● **PROBLEM REQUIREMENTS**
Leave the pictures behind and repeat all the entries exactly.

● **RECORDS TO USE**
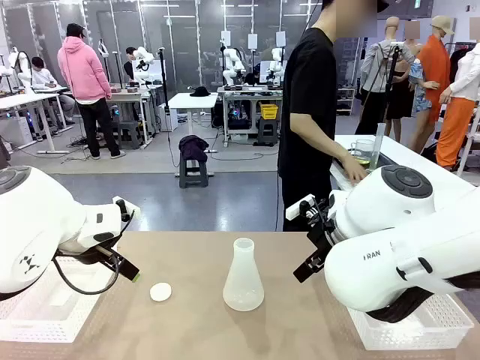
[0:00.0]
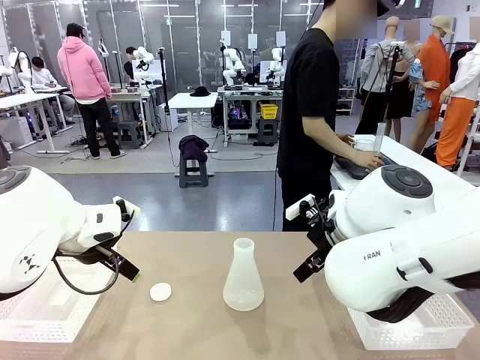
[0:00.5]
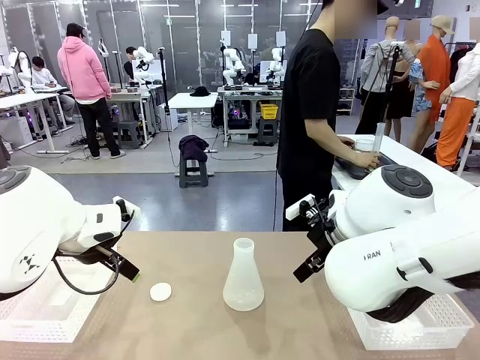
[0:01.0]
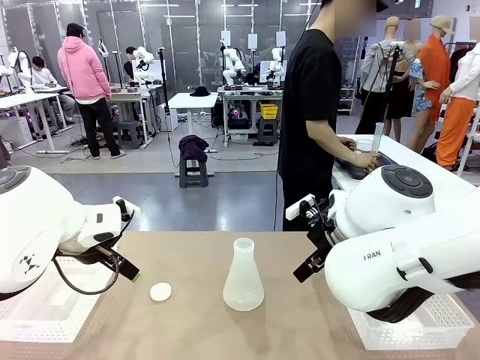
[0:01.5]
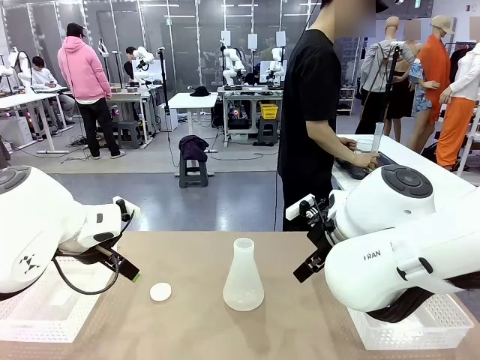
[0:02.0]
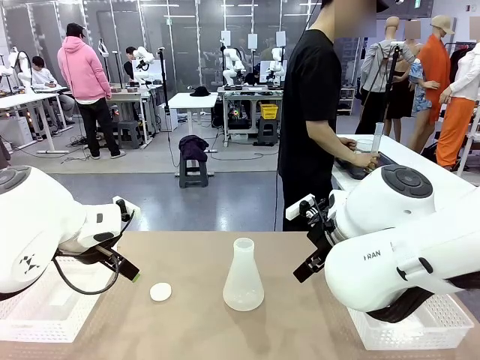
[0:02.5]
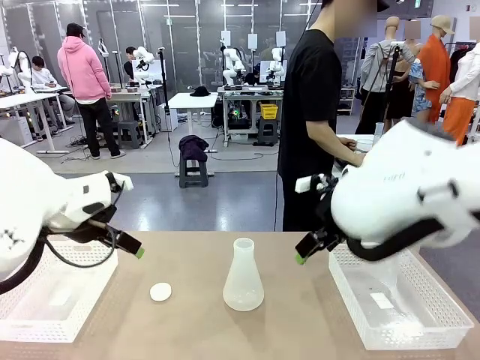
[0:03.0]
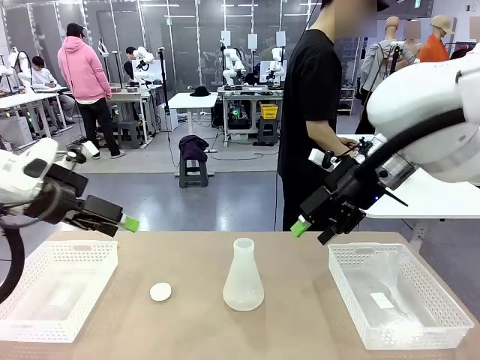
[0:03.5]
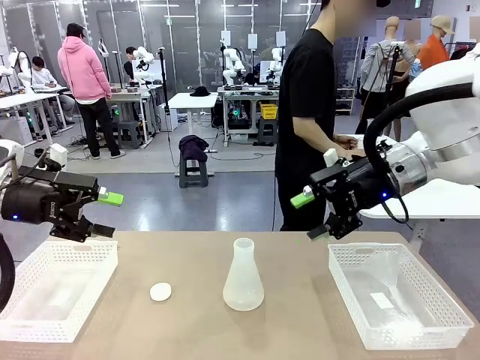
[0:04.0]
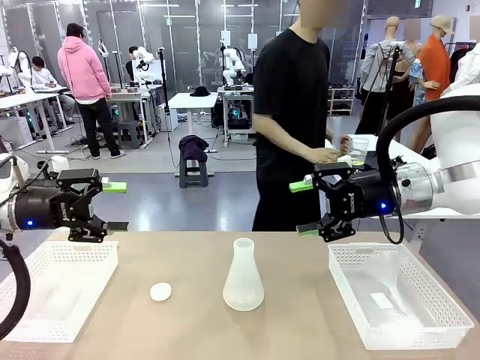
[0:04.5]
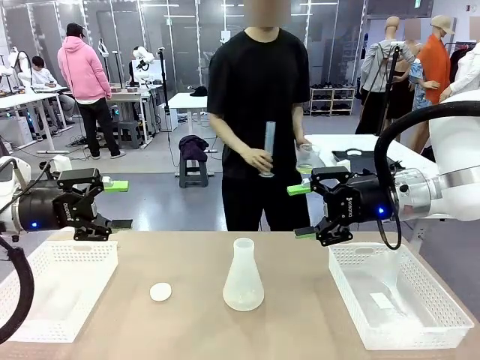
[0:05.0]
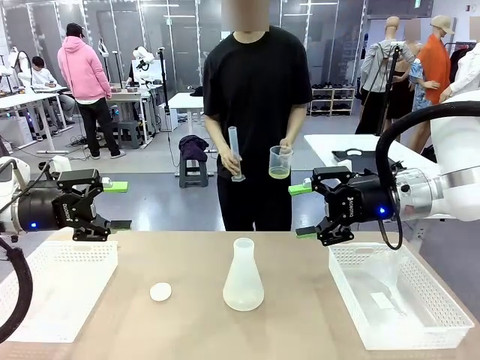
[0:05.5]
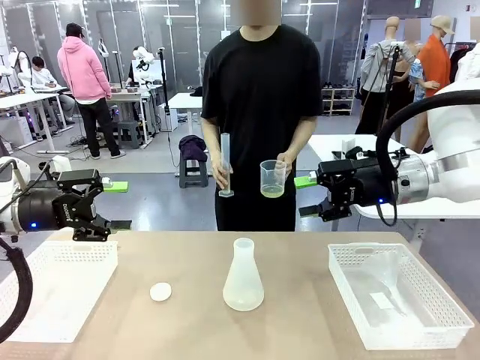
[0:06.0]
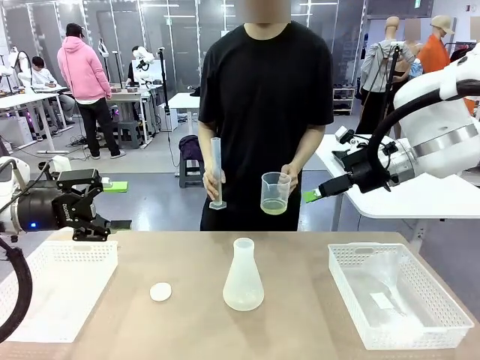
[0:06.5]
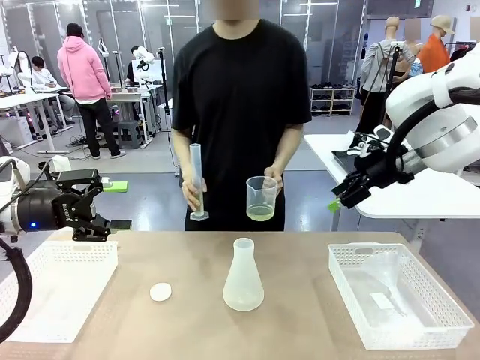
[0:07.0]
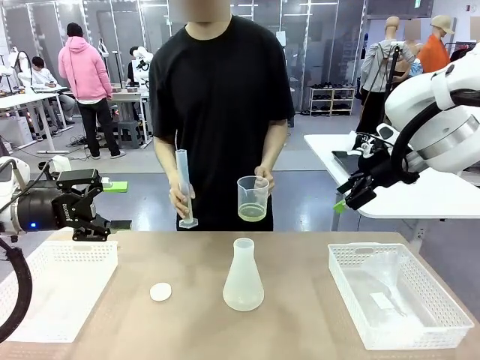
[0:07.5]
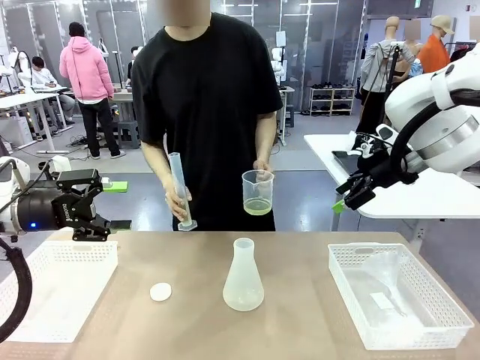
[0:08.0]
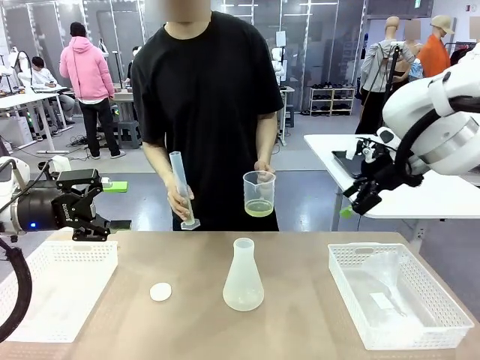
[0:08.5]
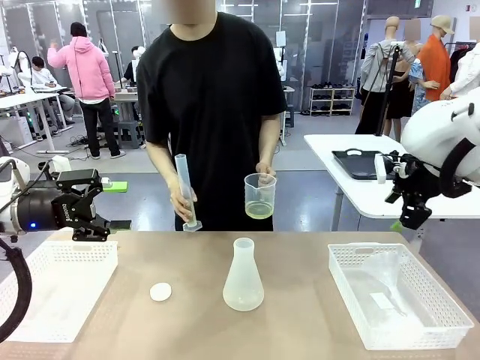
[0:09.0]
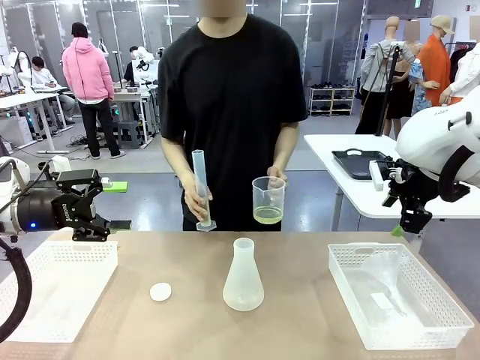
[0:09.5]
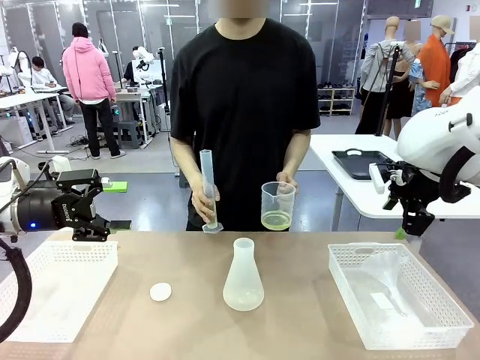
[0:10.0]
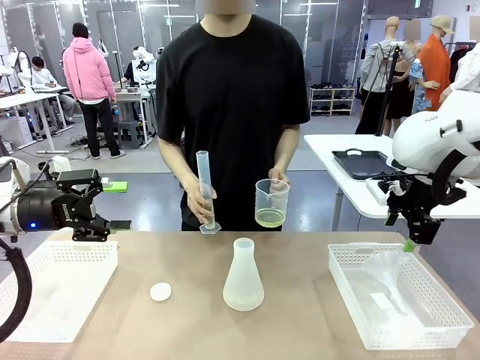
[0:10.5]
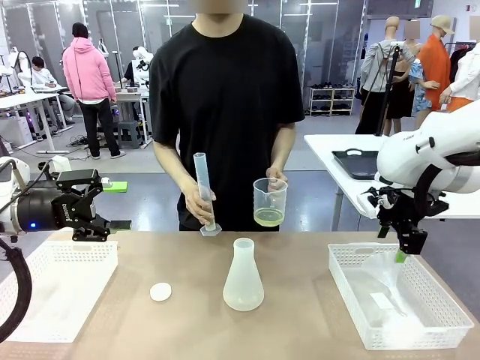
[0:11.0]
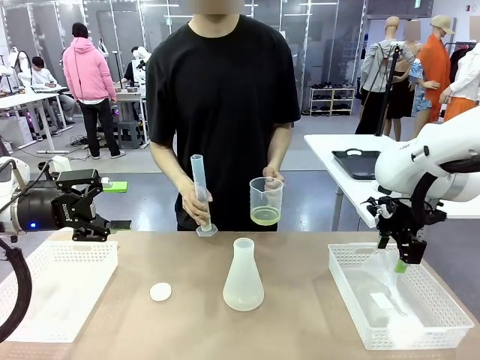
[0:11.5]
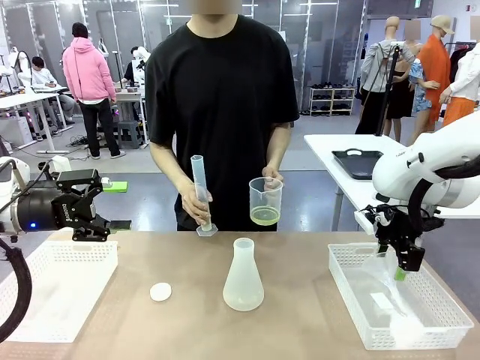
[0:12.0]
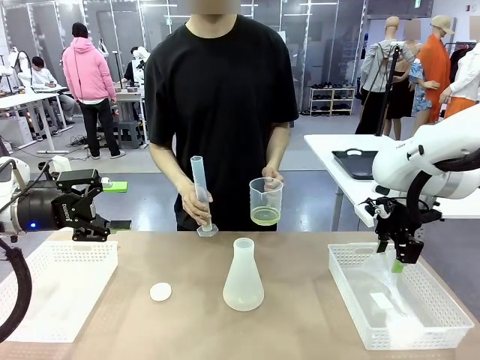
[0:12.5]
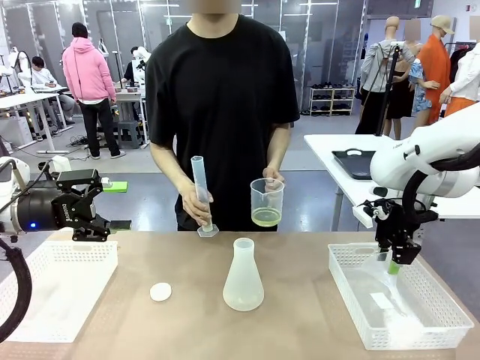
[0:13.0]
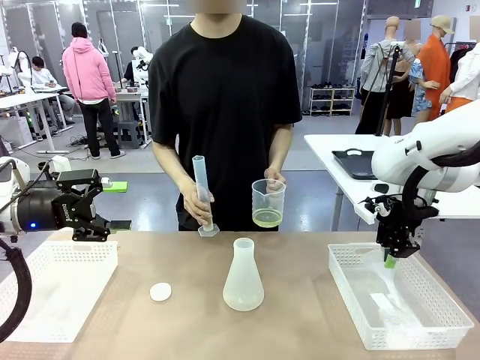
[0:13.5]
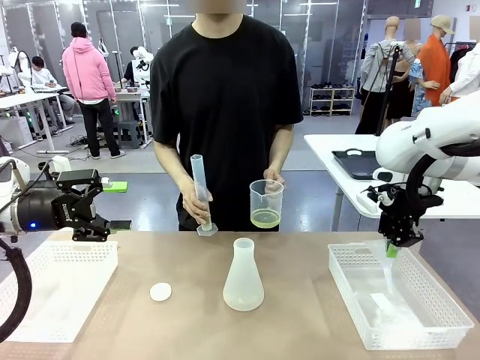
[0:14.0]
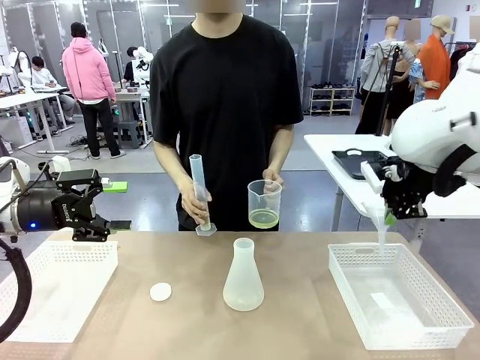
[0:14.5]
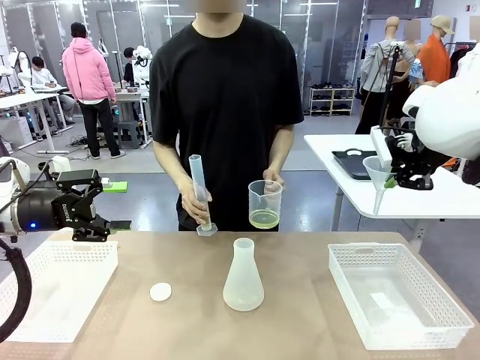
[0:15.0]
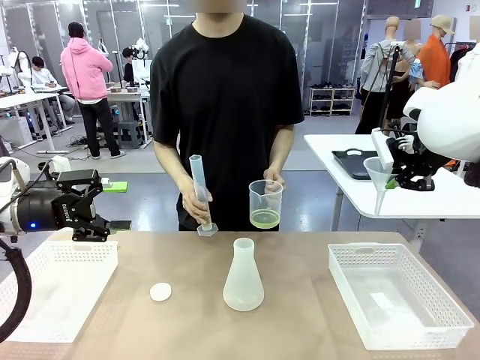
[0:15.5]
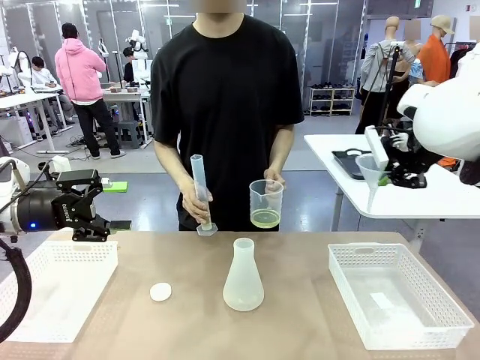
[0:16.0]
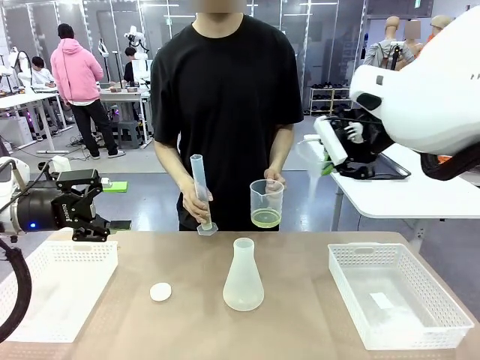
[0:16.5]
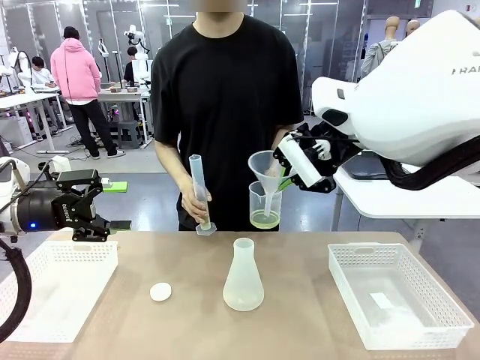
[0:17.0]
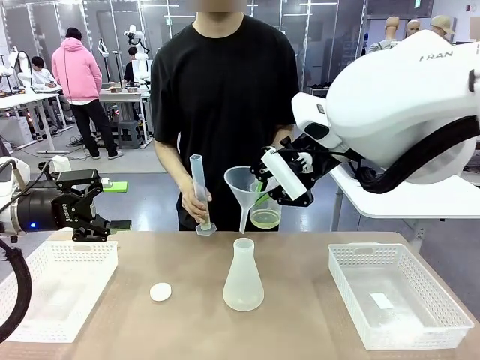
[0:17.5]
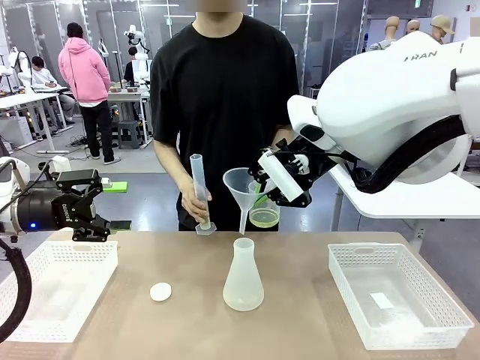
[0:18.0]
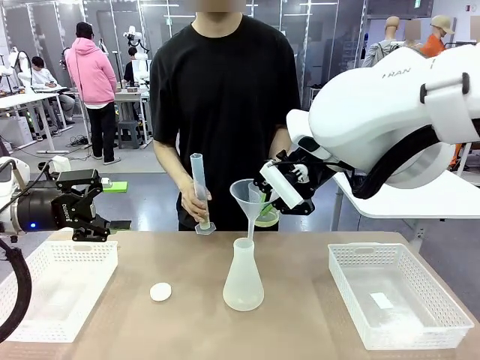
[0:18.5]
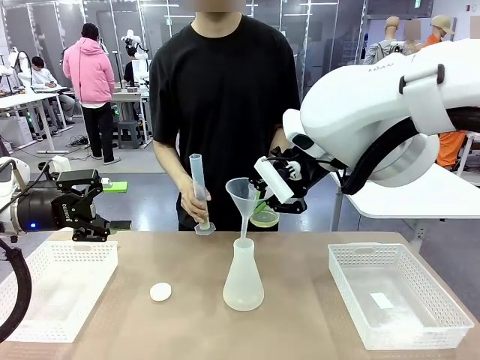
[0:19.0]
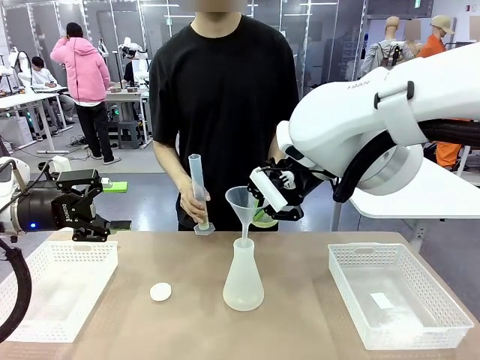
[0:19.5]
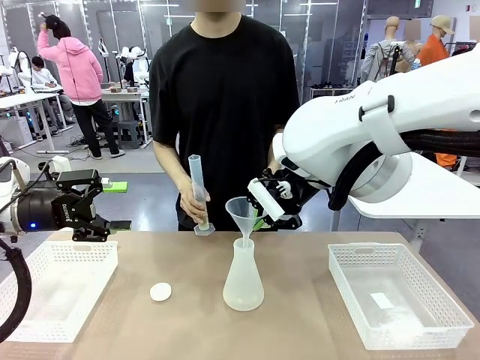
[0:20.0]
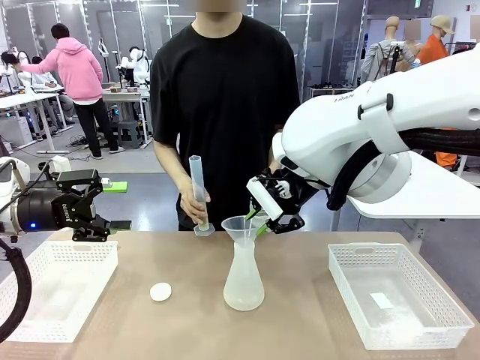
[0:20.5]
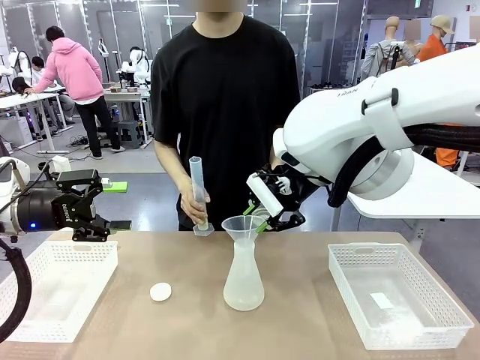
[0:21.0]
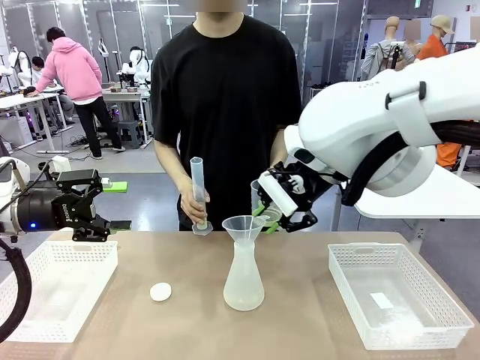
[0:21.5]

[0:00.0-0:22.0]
Task: Prepare the solutions needed for the experiment.
Robot: Pick up the Plastic Funnel and insert it into the Big flask.
Person: Pick up the beaker and the cylinder and move to the middle of the robot table. Pour the solution from the beaker and the cylinder into the flask.

● **RESPONSE BELOW**
[0:00.0]
[0:00.5]
[0:01.0]
[0:01.5]
[0:02.0]
[0:02.5]
[0:03.0]
[0:03.5]
[0:04.0]
[0:04.5]
[0:05.0]
[0:05.5]
[0:06.0]
[0:06.5]
[0:07.0]
[0:07.5]
[0:08.0]
[0:08.5]
[0:09.0]
[0:09.5]
[0:10.0]
[0:10.5]
[0:11.0]
[0:11.5]
[0:12.0]
[0:12.5]
[0:13.0]
[0:13.5]
[0:14.0]
[0:14.5]
[0:15.0]
[0:15.5]
[0:16.0]
[0:16.5]
[0:17.0]
[0:17.5]
[0:18.0]
[0:18.5]
[0:19.0]
[0:19.5]
[0:20.0]
[0:20.5]
[0:21.0]
[0:21.5]

[0:00.0-0:22.0]
Task: Prepare the solutions needed for the experiment.
Robot: Pick up the Plastic Funnel and insert it into the Big flask.
Person: Pick up the beaker and the cylinder and move to the middle of the robot table. Pour the solution from the beaker and the cylinder into the flask.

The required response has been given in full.